# Java-Beispielcode für Zeroconf (ähnlich Apple Bonjour)



## FloReiss (17. Apr 2012)

Hallo zusammen,

ich suche Beispielcode in Java hauptsächlich für die automatische IP-Adressen-Vergabe ohne DHCP-Server (Zeroconf). 
Apple hat das scheinbar schon mit Bonjour, früher Rendezvous, gelöst. 

Leider kann ich aber kein Beispiel finden. Wo finde ich Java-Zeroconf?


Danke schon mal


----------



## irgendjemand (17. Apr 2012)

mal davon abgesehen das du so mit java überhaupt nicht die IP des systems festlegen kannst *entweder über system-calls oder JNI/JNA* und java auch für diese aufgabe eindeutig die falsche wahl ist ... ist es für dich scheinbar enorm schwer mal selbst zu googlen ...

Let me google that for you

und da du keinerlei eigeneinitiative für ein projekt zeigst was auch eigentlich NICHT mit java gelöst werden sollte *da das ganze einfach zu system-nah ist* brauchst du auch sicher nicht auf weitere hilfe hoffen ...


----------



## FloReiss (17. Apr 2012)

Vielen Dank für die patzige Antwort.

Ich habe es natürlich selbst gegoogelt, allerdings habe ich NIRGENDS Code für die IP-Vergabe, sondern nur für den DNS-Teil gefunden.

Und ich kann das in Java machen, denn ich beschreibe damit eine Variable, die dann vom System übernommen wird und das funktioniert sehr wohl.
Aber der Programmteil, in dem die IP generiert und überprüft wird, ob es sie schon gibt, soll in Java sein und dafür würde ich gerne ein Beispiel sehen. Und genau DAFÜR habe ich nichts gefunden.


----------



## irgendjemand (17. Apr 2012)

wo ist es denn bitte so schwer sich ne ip zu nehmen *meinet wegen aus 192.168.0.0/16* und dann mit nem broadcast 255.255.255.255 zu fragen ob diese adresse bereits jemand hat ober nicht ?

wie gesagt : google ... und mal n bissl das hirn anstrengen ...

außerdem ist es nicht so einfach aus java heraus eine system-variable zu manipulieren ... und selbst müsstest du immer noch den manger callen der diese variable dann neu einliest und das system entsprechend konfiguriert ... und dann kannst du den mangager auch gleich mit parametern callen ... ist auf jeden fall einfacher als wenn du jetzt noch fragen würdest wie man unter system X variable Y dauerhaft manipuliert ...
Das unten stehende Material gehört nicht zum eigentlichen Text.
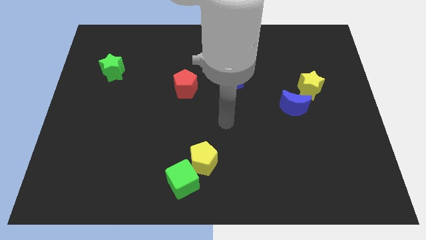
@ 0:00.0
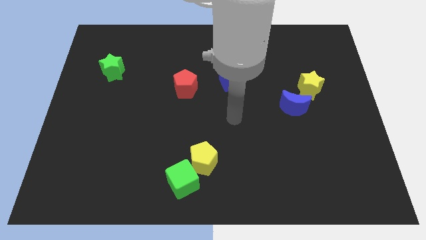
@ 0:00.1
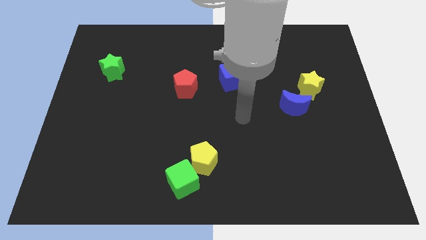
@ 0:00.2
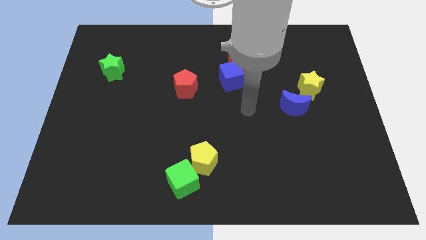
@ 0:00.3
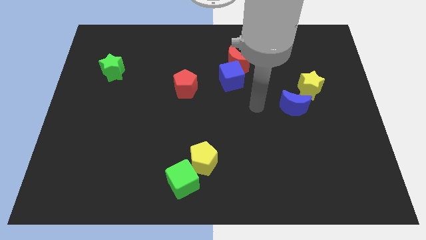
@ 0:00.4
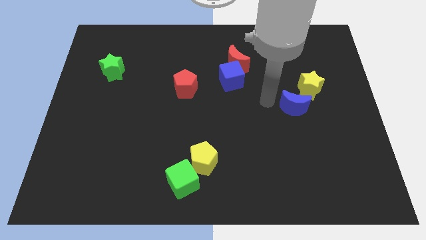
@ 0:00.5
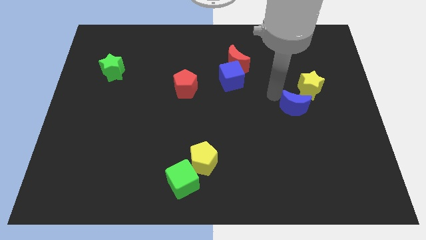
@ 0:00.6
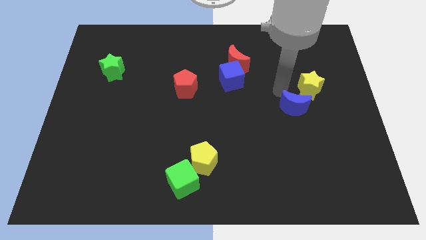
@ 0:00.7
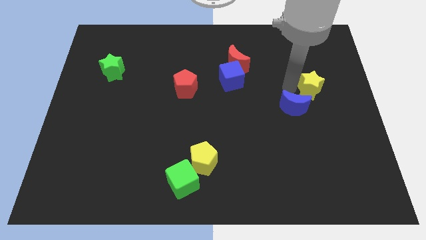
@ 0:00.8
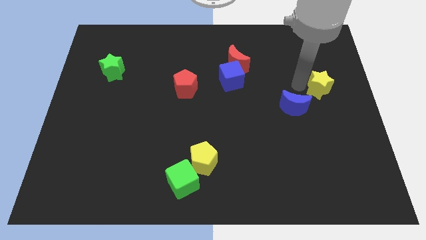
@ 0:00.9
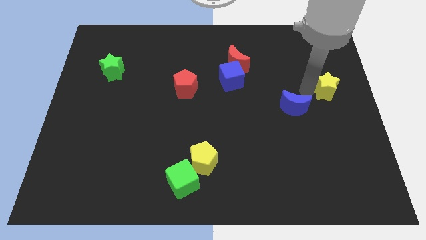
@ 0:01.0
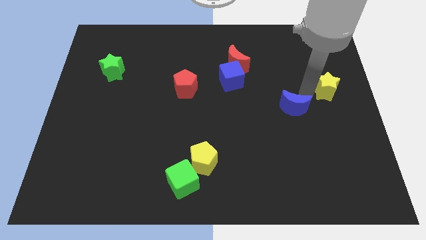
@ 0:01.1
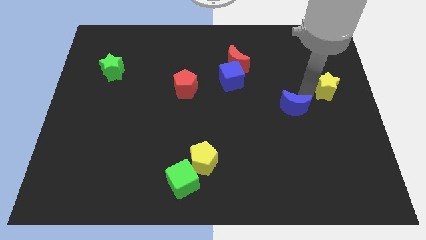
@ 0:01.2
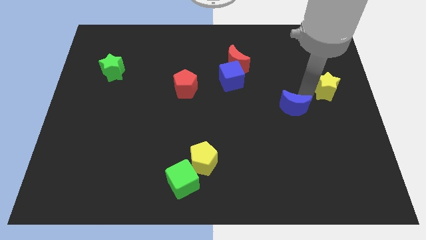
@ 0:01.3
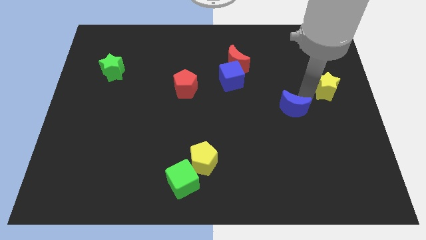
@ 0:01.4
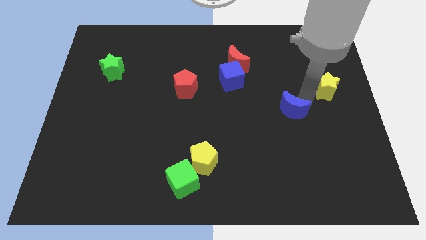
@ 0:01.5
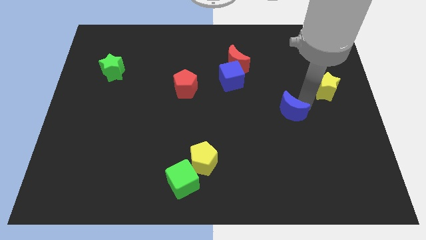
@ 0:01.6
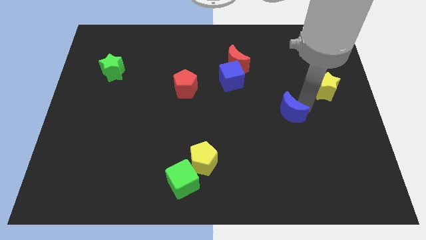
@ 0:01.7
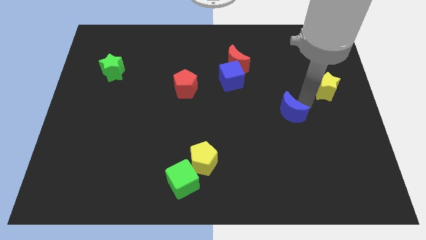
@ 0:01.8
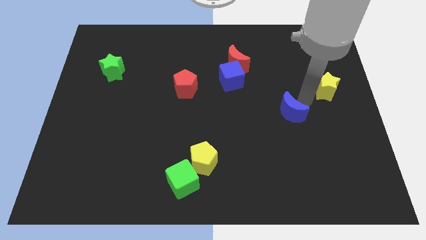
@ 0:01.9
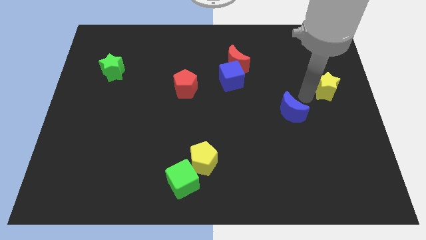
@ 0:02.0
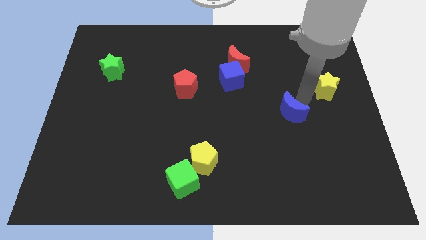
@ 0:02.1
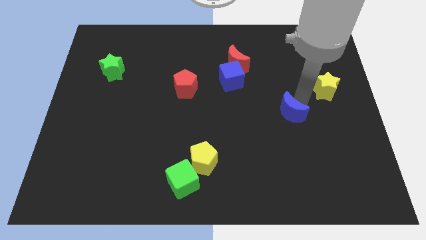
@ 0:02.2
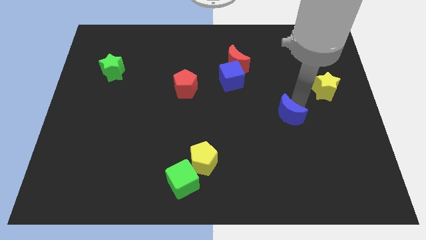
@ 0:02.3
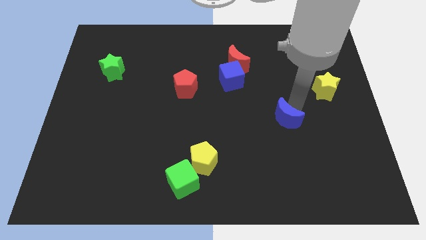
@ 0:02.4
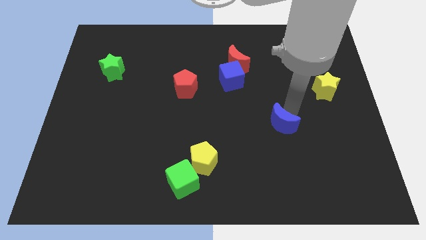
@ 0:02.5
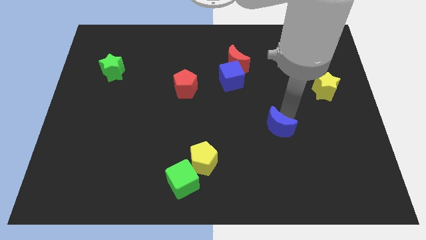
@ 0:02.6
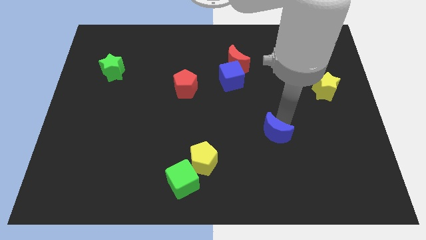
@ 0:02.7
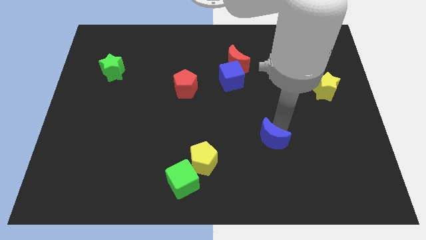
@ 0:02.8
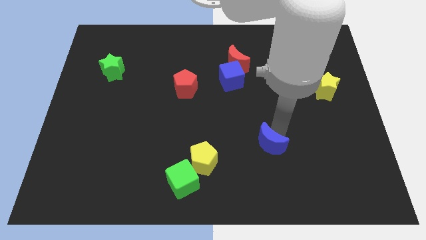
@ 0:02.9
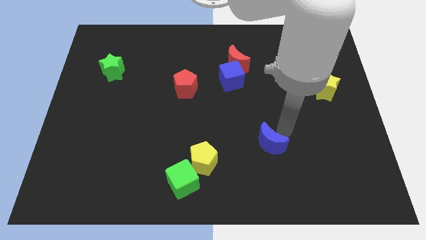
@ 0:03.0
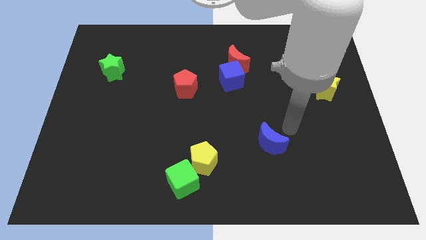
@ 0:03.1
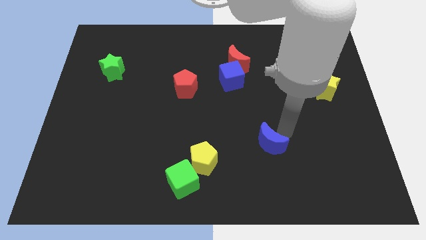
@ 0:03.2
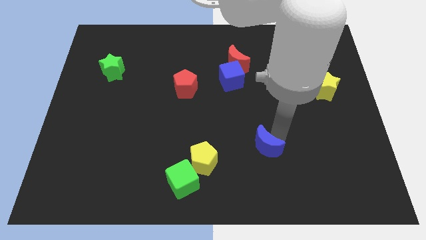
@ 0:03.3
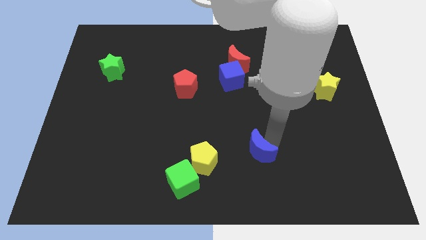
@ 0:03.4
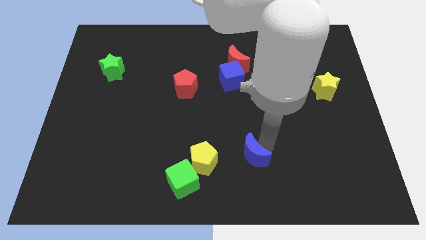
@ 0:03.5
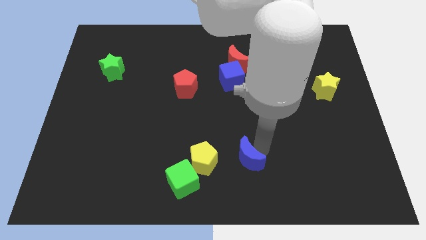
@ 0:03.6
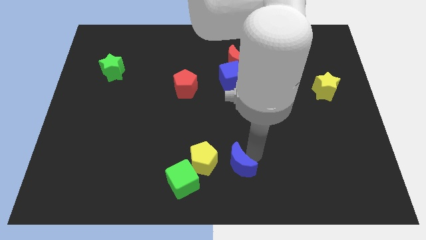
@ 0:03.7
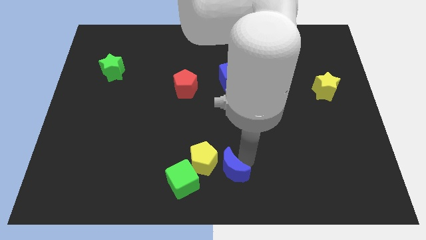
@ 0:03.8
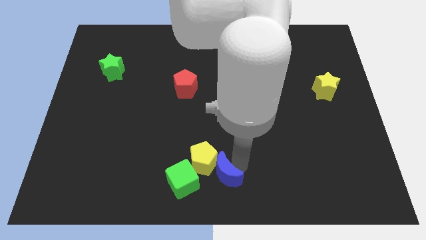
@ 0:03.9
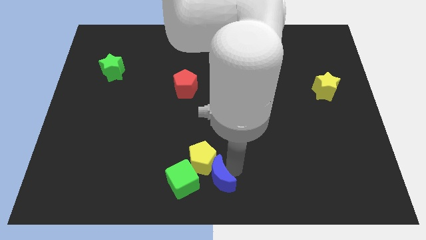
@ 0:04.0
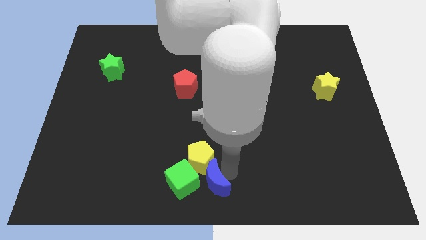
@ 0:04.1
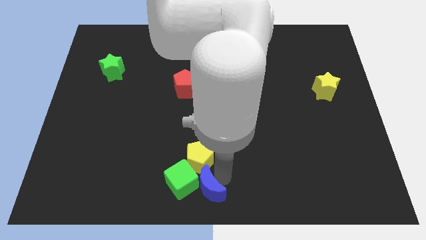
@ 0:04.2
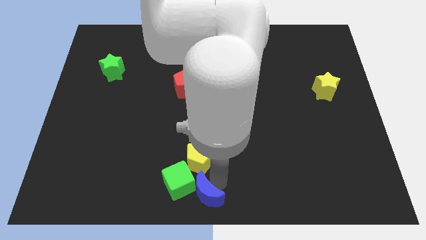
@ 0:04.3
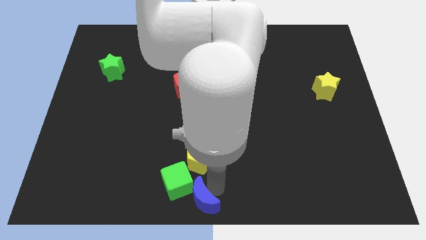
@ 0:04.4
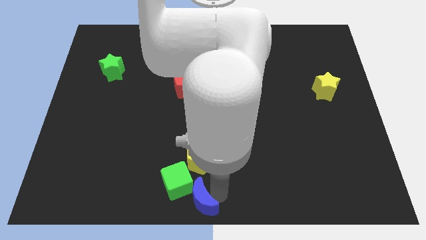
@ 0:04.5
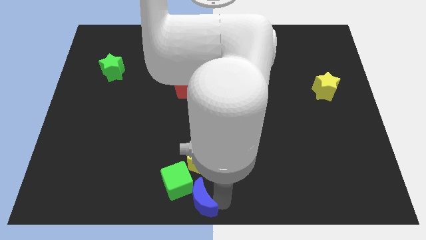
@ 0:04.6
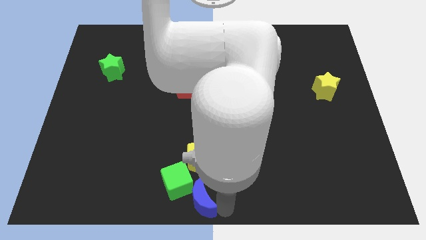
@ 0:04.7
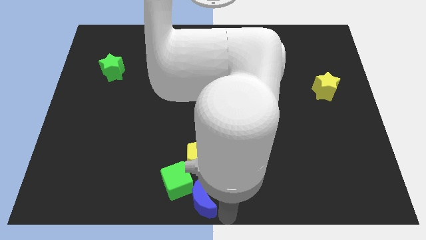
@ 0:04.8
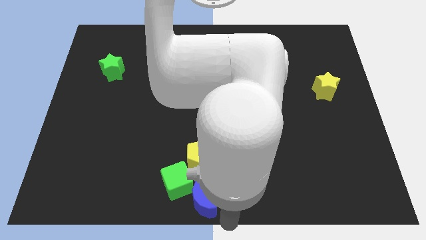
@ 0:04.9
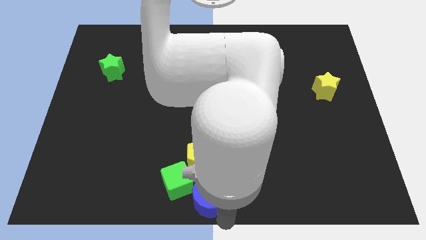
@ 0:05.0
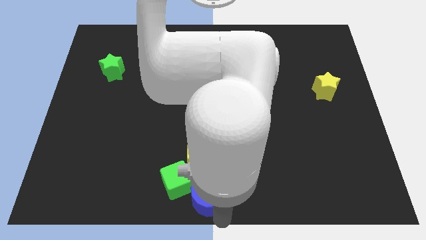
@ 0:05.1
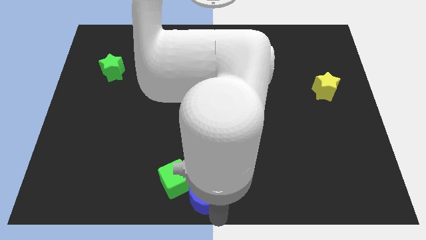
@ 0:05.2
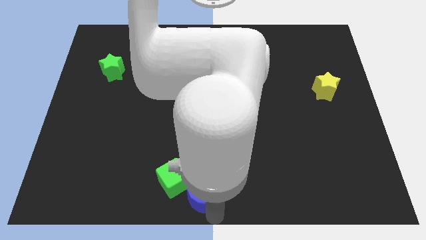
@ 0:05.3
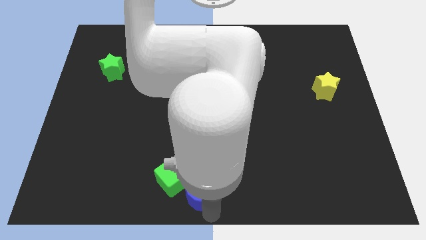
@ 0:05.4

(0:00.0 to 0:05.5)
put the blue moon to the bottom left of the yellow pentagon

btw : die antwort war genau so "abgestumpft" wie deine frage : "Wo find ich Java-Zeroconf?" ... vermutlich über google oder suchst dir die grundlagen zusammen und denkst dir selbst was aus ... und wenn es dabei dann probleme gibt kannst du gerne noch mal mit ner genauen fehlerbeschreibung und ner halbwegs sinnvollen frage hier vorbeikommen ...
aber einfach kommen ... n topic auf machen ... und einfach mal stumpf die frage reinknallen : "wo finde ich / wie verwende ich XYZ weil ich damit ABC machen will" ... sowas is hier nich ... allerhöchstens unten inner jobbörse ...


----------



## TheDarkRose (17. Apr 2012)

Desweiteren is Zeroconf schon in jedem System vorhanden.


----------



## Marcinek (17. Apr 2012)

[OT]Obwohl ich prinzipiell der Meinung von irgentjemand bin, und voll und ganz befürworte, dass sich die Fragensteller doch bitte vor dem Posten bei google schlau machen, finde ich, dass man diese Kritik nicht in so einem Tonfall niederschreiben sollte. @irgentjemand: Es könnte sein, dass dich viele Leute so als sehr unfreundlich wahrnehmen.
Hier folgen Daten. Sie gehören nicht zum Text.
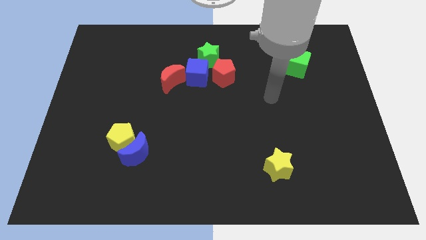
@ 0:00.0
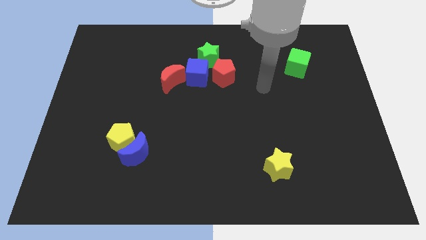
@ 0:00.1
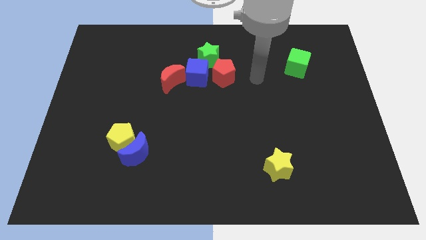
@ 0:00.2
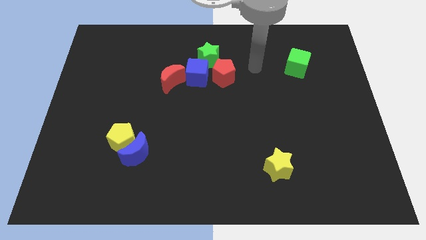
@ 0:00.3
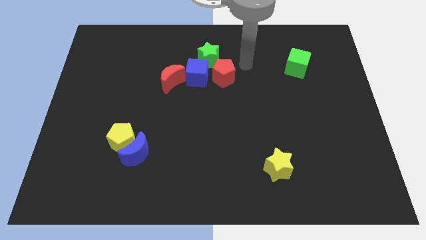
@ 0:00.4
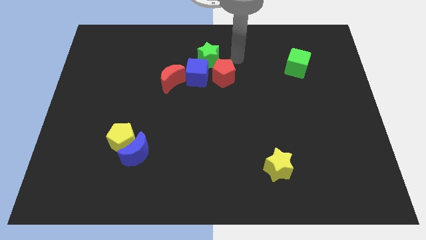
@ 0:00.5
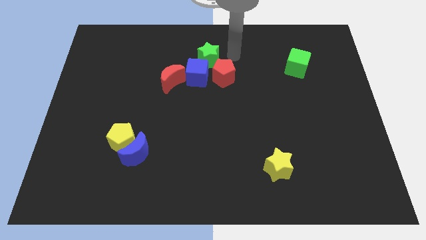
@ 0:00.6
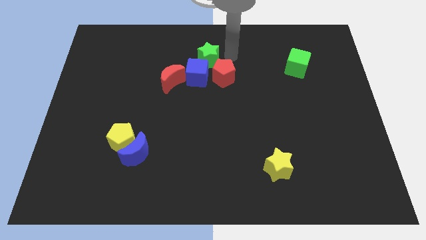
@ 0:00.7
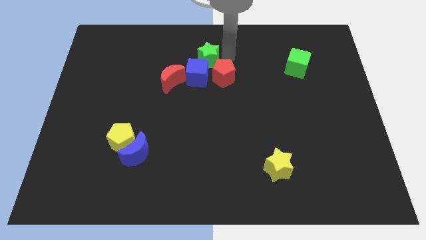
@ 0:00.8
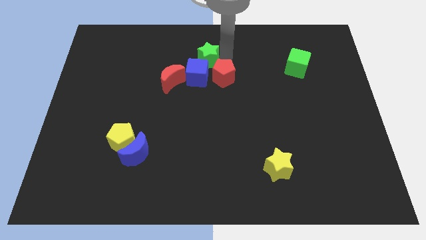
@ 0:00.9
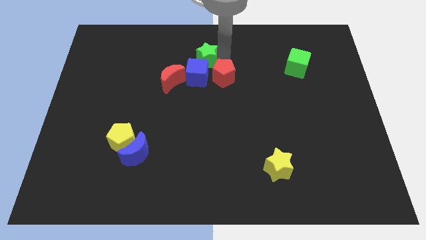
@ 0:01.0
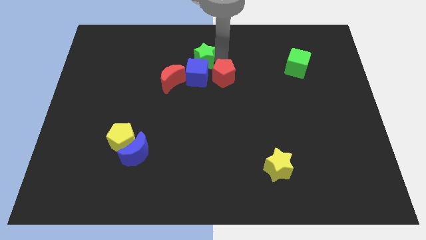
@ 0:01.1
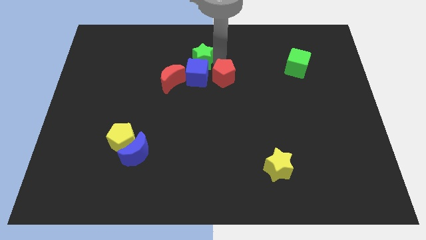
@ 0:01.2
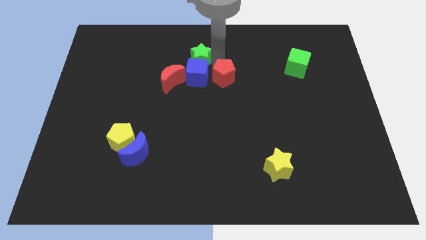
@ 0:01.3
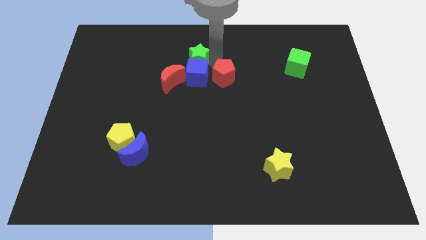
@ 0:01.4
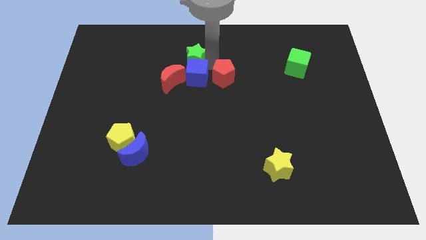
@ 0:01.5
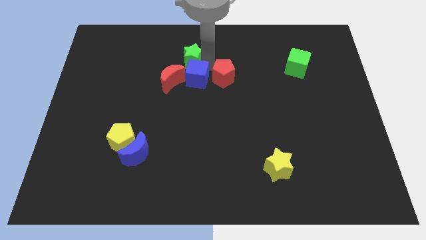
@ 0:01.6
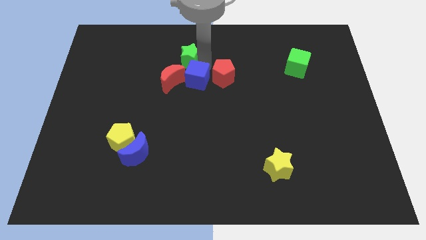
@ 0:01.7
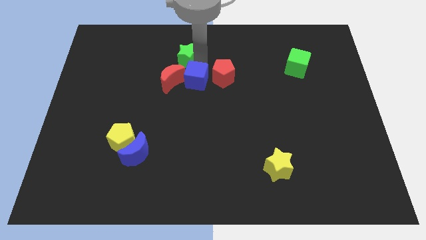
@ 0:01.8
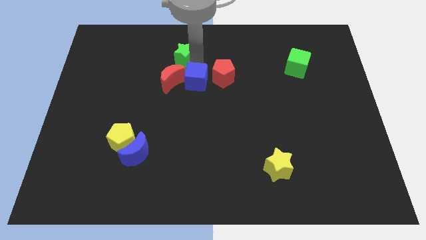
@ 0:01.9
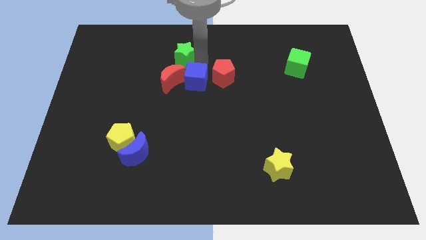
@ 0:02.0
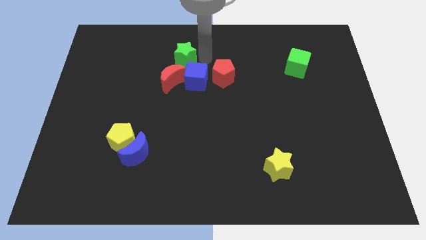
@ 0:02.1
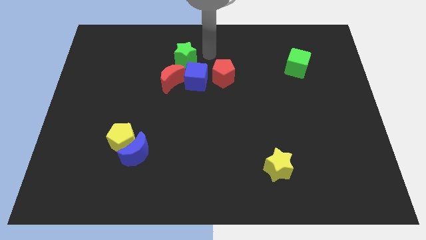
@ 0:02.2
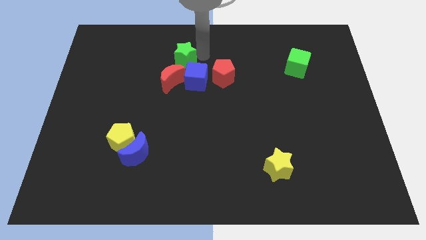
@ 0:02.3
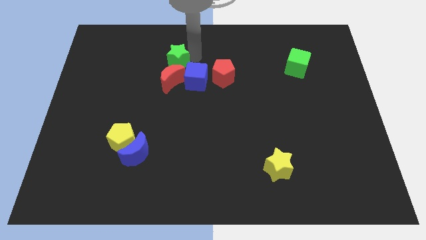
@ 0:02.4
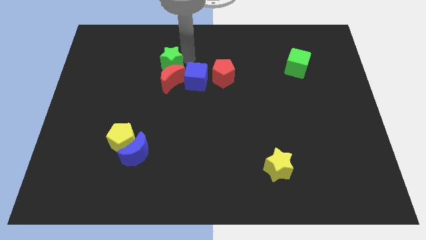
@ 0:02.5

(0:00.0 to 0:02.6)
slide the green star to the top left side of the red moon

// Wobei ich finde, dass in diesem Fall nicht unbedingt super triviale Themenstellung gegeben ist. Obwohl das anpingen / multicast ja schon sehr schnell ergoogel bar ist.[/OT]


----------



## FloReiss (18. Apr 2012)

@ irgendjemand: Scheinbar ist es nicht so einfach (Ping+Broadcast), da ich gelesen habe, dass zusätzlich eine Zufallszeit generiert wird und dann wird eben so lange gewartet, ob sich jemand meldet. Und außerdem wird ARP bei Zeroconf verwendet und ich benötige ein protokollnahes Programm.

@TheDarkRose: Das ist vielleicht schon auf jedem der großen und bekannten Betriebssysteme, aber nicht auf überall.


----------



## TheDarkRose (18. Apr 2012)

Dort wo es nicht ist, gibt es da überhaupt Java :lol:


----------